Während KI-gestützte Tools Schritte unternehmen, um den Zugang zur Therapie zu demokratisieren, hat ihr Aufstieg sowohl Aufregung als auch Besorgnis ausgelöst.
Grenzen der KI in der Psychotherapie
Das Verständnis der menschlichen Erfahrung durch KI ist durch ihre Unfähigkeit, soziale und kulturelle Kontexte zu erfassen, begrenzt. Da entscheidende soziale Signale fehlen, kann die KI-Therapieerfahrung zu Missverständnissen führen und den Fortschritt des Patienten beeinträchtigen.
Szenario: Eine chinesisch-amerikanische Person, die mit Isolationsgefühlen und kulturellen Identitätskonflikten zu kämpfen hat, versucht, einen KI-Chatbot zu verwenden.
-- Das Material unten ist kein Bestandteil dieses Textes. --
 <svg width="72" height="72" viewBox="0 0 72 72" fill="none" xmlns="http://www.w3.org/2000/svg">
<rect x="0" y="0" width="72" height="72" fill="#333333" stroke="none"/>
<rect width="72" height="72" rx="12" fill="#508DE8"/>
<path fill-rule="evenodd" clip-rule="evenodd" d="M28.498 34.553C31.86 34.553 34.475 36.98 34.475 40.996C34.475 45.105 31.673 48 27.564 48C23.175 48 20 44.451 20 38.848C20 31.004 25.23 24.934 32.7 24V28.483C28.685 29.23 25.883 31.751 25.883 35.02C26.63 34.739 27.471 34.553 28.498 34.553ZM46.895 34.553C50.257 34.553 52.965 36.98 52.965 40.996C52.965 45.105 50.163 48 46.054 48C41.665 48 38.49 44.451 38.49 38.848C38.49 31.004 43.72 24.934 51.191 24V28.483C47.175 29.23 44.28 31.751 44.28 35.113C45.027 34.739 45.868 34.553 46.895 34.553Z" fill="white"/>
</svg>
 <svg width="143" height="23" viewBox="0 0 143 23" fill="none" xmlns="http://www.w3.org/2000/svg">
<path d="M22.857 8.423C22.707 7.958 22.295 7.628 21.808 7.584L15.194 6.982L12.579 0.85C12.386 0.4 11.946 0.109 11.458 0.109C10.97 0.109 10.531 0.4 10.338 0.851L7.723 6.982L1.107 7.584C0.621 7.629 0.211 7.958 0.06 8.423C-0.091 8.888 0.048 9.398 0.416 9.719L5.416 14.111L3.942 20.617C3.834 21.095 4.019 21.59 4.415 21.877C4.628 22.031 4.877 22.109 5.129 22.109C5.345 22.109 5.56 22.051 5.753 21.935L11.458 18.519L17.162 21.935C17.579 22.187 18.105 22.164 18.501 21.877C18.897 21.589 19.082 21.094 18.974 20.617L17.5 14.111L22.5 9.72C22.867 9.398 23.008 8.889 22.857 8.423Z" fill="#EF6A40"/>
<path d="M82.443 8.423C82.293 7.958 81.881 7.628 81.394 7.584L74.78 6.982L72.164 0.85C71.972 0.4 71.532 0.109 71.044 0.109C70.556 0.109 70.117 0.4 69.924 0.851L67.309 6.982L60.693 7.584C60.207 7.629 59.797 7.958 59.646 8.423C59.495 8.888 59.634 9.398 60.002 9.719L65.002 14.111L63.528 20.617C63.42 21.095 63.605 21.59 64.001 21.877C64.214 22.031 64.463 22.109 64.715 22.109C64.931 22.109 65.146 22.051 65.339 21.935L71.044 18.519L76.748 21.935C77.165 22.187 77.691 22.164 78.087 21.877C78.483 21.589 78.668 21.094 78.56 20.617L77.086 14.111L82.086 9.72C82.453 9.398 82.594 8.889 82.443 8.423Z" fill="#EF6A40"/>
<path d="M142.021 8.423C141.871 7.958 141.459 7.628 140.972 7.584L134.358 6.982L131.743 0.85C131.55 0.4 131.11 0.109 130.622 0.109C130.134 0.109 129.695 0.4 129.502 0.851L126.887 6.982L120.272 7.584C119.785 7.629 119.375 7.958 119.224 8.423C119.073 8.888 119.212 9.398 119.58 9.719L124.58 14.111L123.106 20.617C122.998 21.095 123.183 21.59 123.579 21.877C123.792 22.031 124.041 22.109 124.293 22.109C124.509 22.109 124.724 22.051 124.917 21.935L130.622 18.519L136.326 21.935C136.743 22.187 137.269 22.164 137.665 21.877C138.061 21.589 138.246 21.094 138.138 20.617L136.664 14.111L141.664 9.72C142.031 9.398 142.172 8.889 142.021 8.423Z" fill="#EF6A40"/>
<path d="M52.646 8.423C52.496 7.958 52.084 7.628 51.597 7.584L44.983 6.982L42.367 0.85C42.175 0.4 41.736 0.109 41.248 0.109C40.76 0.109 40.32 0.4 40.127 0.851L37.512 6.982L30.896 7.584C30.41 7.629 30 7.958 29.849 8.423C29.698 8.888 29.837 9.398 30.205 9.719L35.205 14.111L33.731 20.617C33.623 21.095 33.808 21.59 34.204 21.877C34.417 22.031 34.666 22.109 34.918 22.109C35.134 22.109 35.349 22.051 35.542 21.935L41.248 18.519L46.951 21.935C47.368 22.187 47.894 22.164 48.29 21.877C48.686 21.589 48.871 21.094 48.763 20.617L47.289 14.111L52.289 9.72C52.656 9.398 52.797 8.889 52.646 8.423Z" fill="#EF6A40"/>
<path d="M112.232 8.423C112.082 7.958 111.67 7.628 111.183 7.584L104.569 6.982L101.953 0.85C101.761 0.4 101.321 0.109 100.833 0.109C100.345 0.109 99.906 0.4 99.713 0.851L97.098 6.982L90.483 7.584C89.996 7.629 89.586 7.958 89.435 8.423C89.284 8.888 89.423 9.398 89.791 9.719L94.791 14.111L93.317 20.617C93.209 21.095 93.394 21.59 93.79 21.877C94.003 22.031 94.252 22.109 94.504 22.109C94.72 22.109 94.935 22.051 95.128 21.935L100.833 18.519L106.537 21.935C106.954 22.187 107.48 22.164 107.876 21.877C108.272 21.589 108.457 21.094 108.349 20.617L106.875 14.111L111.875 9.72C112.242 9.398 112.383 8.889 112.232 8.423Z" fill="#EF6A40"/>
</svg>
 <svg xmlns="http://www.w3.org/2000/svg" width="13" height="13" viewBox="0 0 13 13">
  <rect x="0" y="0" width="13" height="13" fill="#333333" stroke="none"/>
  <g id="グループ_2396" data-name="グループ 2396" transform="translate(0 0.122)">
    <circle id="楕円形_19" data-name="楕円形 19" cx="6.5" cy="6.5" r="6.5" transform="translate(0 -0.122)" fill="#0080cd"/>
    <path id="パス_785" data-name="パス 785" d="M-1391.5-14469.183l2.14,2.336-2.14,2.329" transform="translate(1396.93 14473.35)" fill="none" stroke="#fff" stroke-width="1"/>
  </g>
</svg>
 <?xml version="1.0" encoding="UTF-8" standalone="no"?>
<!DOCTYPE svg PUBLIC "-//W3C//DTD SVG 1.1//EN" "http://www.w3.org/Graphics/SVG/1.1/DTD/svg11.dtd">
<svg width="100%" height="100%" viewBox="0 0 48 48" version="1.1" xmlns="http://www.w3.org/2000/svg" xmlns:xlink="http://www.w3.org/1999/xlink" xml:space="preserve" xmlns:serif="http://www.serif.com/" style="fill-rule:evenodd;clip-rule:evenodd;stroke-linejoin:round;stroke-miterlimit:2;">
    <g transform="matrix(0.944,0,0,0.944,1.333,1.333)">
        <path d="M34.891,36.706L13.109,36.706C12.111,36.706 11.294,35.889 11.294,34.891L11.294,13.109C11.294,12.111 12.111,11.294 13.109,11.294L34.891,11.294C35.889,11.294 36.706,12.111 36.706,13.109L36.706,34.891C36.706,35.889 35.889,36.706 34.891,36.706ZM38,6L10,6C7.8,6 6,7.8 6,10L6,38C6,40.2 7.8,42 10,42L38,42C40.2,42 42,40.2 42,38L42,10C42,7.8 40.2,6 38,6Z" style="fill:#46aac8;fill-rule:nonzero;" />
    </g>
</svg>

Patient: A „Ich fühle mich zwischen zwei Welten verloren. Ich werde weder in der chinesischen noch in der amerikanischen Kultur vollständig akzeptiert.“ KI-Chatbot: „Es hört sich so an, als ob Sie viel Stress haben. Haben Sie versucht, Achtsamkeit zu üben?“
Der Chatbot bietet zwar einen generischen Bewältigungsmechanismus, berücksichtigt jedoch nicht die kulturellen Nuancen der Erfahrung des Patienten. Die Reaktion könnte als unsensibel empfunden werden, was das Gefühl der Isolation des Patienten noch verstärkt.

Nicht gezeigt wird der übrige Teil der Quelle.